The line containing "9.6 s after image 1." and every line after it to the end of the records: set those down exactly, without any pictures.

━━━━━ Data

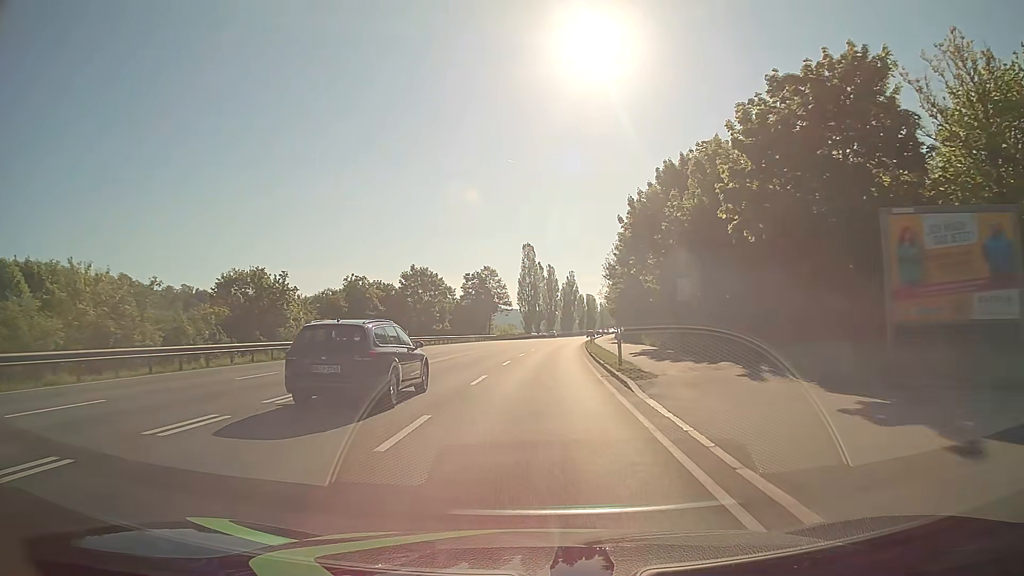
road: primary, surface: asphalt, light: Day
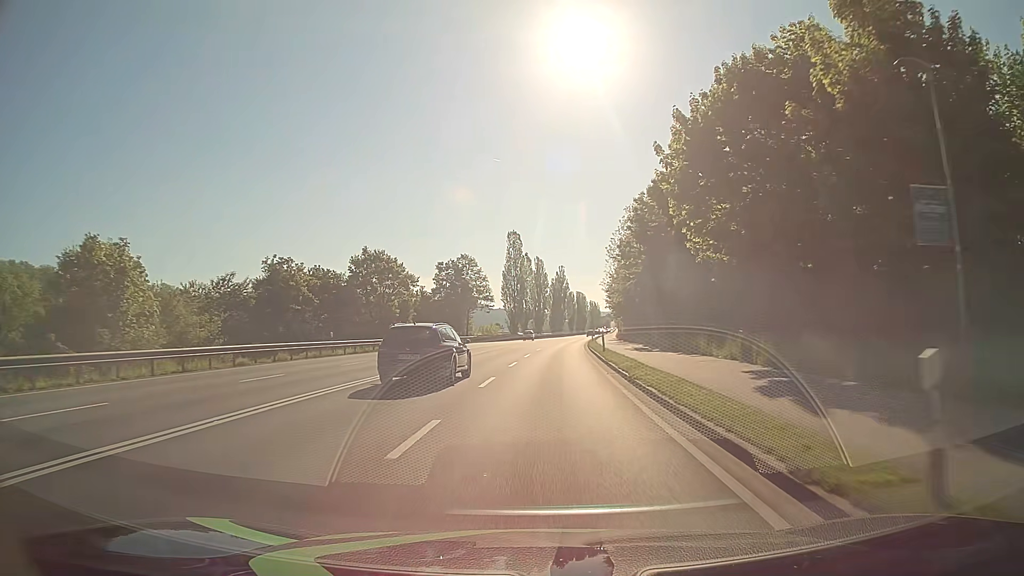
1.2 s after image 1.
(+0.1, +18.5) m; +1°
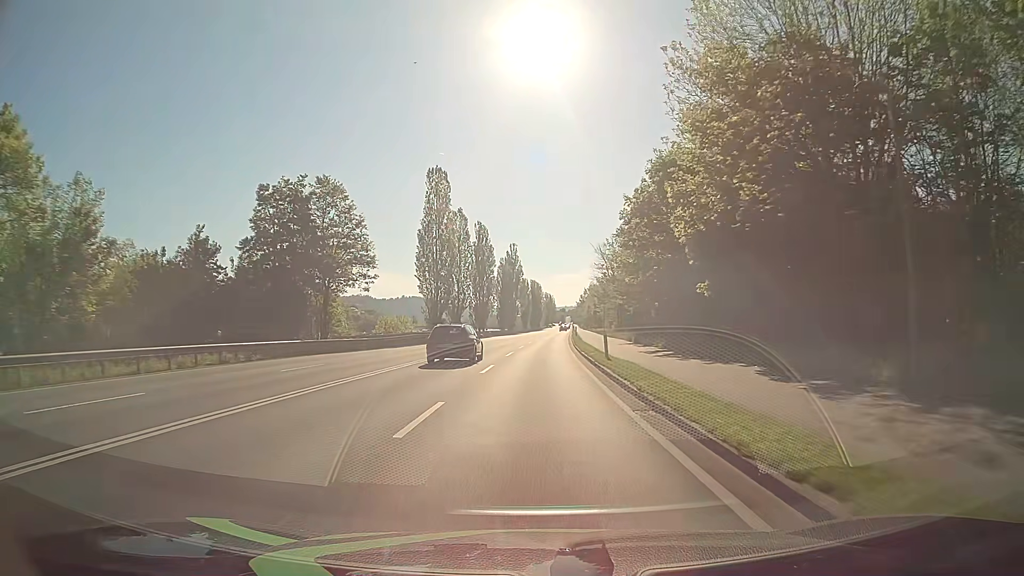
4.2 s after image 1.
(+2.0, +49.9) m; +4°
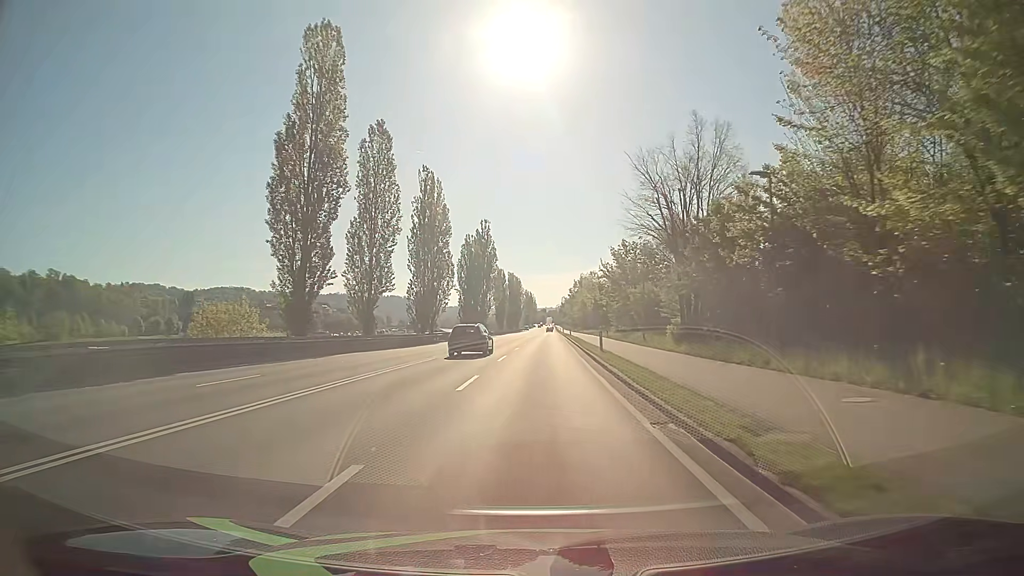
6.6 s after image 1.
(+0.6, +41.7) m; +1°
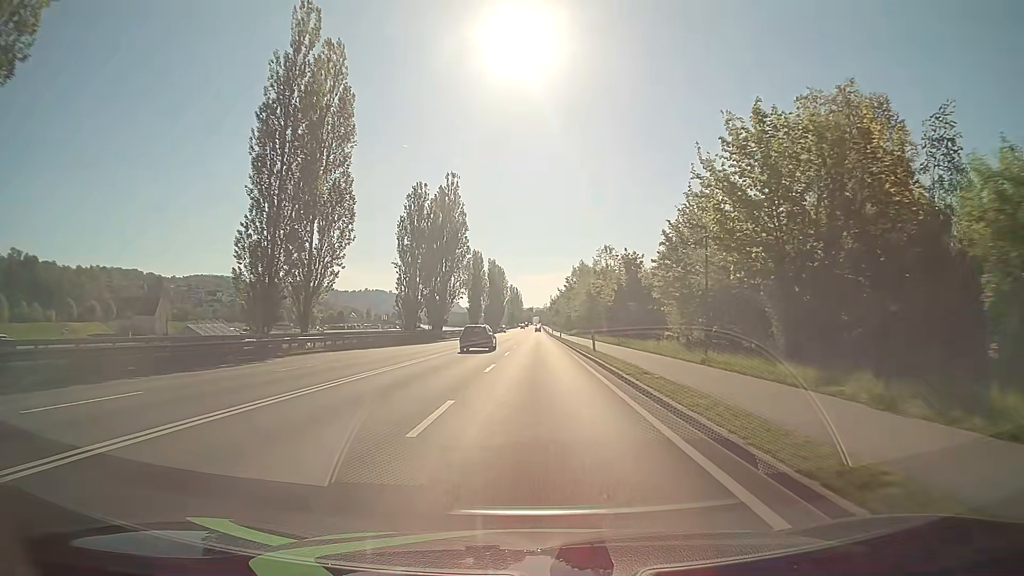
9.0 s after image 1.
(+0.8, +42.3) m; +1°
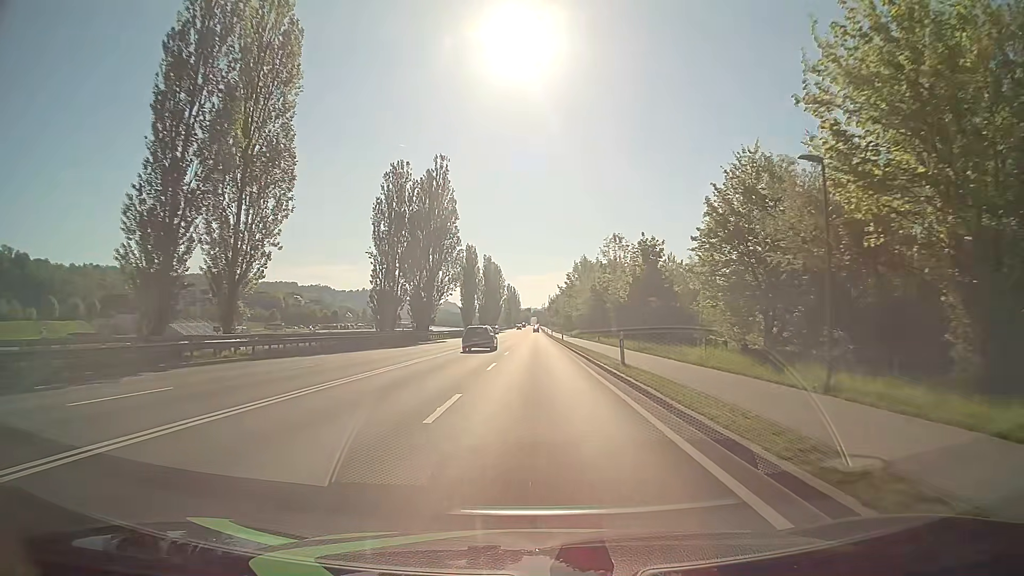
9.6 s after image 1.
(+0.1, +10.6) m; +1°
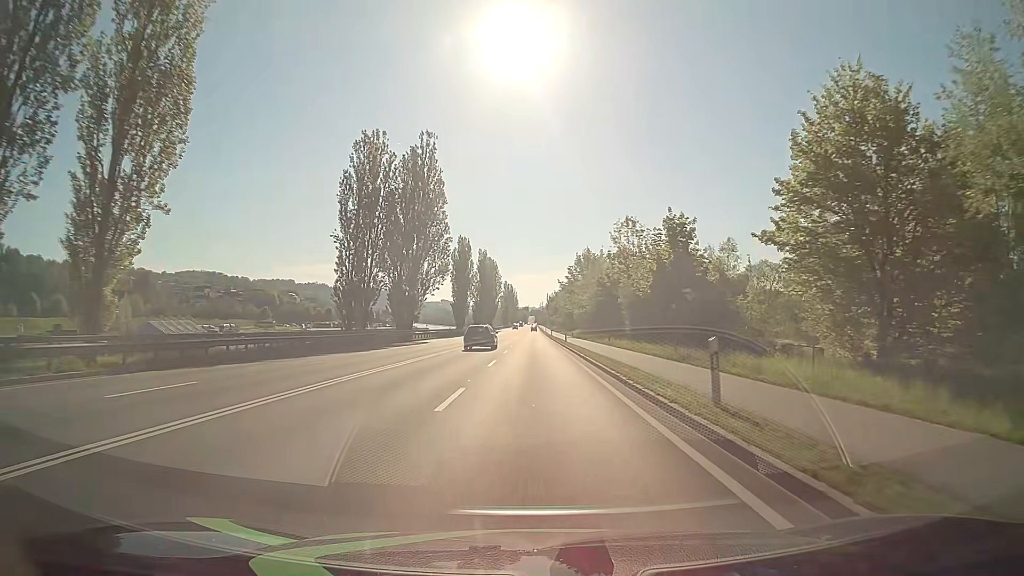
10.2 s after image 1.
(0.0, +10.7) m; 0°
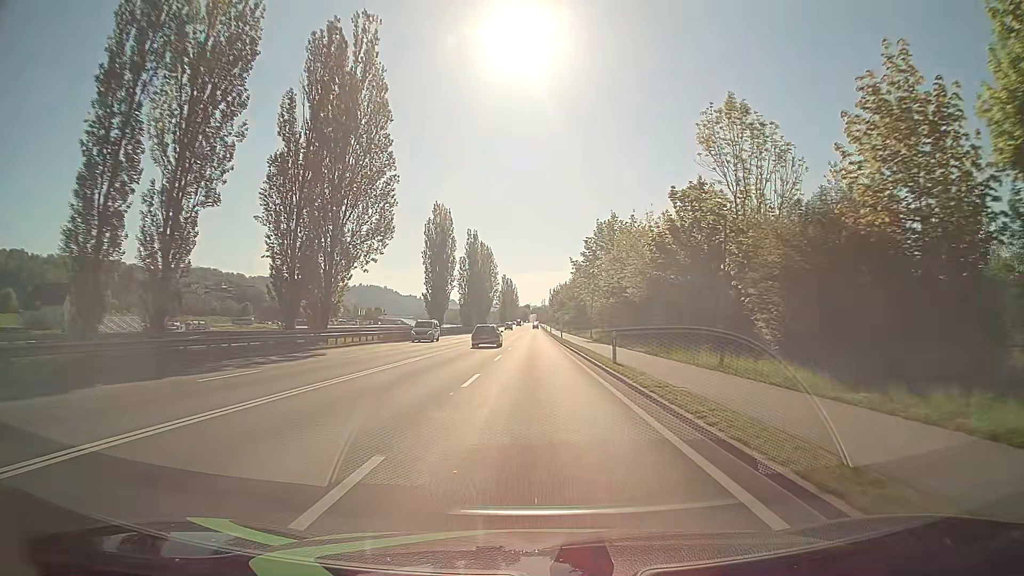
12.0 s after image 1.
(-0.1, +32.1) m; 0°
(0, +10) (0, +20) (0, +30) (0, +40) (0, +50) (0, +60) (0, +70) (0, +80) (0, +90) (0, +100) m

━━━━━━━━━━

• _Result_
9.6 s after image 1.
(+0.1, +10.6) m; +1°
10.2 s after image 1.
(0.0, +10.7) m; 0°
12.0 s after image 1.
(-0.1, +32.1) m; 0°
(0, +10) (0, +20) (0, +30) (0, +40) (0, +50) (0, +60) (0, +70) (0, +80) (0, +90) (0, +100) m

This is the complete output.